La sanidad es uno de los retos acuícolas que levanta más pasiones. Por muchas
razones, pero principalmente por la extraordinaria importancia económica que
tiene en la actividad.


1.  
La gestión sanitaria personalizada es la clave. Una salud a medida
sustentada en tres principios: racionalidad, proactividad y sinergia.
2.  
Los sistemas productivos son complejos, variados y cambiantes. La
evaluación de riesgos debe adaptarse a estas circunstancias. Deben evolucionar,
incluso, las compañías aseguradoras.
3.  
La sistemática de los procesos, protocolos y productos es el eje
de una bioseguridad inteligente, que debe incorporar acciones imaginativas y
audaces.
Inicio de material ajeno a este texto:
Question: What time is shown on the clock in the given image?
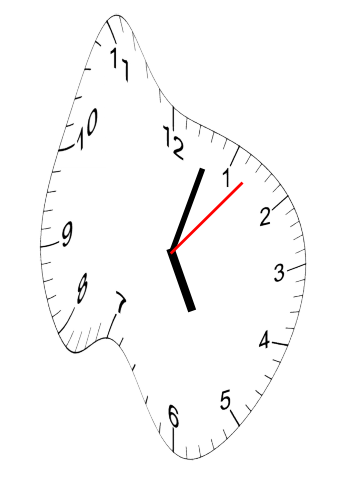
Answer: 05:03:07

Falta agilidad.
4.  
La monitorización de la calidad y la salud es la clave de los
planes de gestión integrados, pero deben ir acompañados de un diagnóstico
precoz y preciso.
5.  
Nos olvidamos con excesiva facilidad de la resiliencia de los
animales, tanto propia (genética) que es posible adquirir mediante líneas
específicas y adaptadas, como la adquirida a través de una nutrición enfocada a
la salud.
6.  
Sin la optimización de la protocolización terapéutica, no seremos
capaces de avanzar. Se impone el control de las variables clínicas de los
diversos grupos de animales, la metafilaxia.
7.  
No podemos olvidarnos de la interconexión con la salud humana y el
medio ambiente, “the one health” no es una corriente, es el concepto que engloba
la máxima sostenible de una actividad respetuosa.
8.  
Hay que buscar sinergias potenciadoras. No basta con planificar,
hay que hacer.
9.  
La bioseguridad es un seguro de cambio para las empresas acuícolas
y deben apoyarse en las aplicaciones inteligentes que apoyan y ayudan en la
toma de decisiones.
10.               
Hay que asumir responsabilidades. Del error se aprende y de la
ocultación y la negación del error se muere.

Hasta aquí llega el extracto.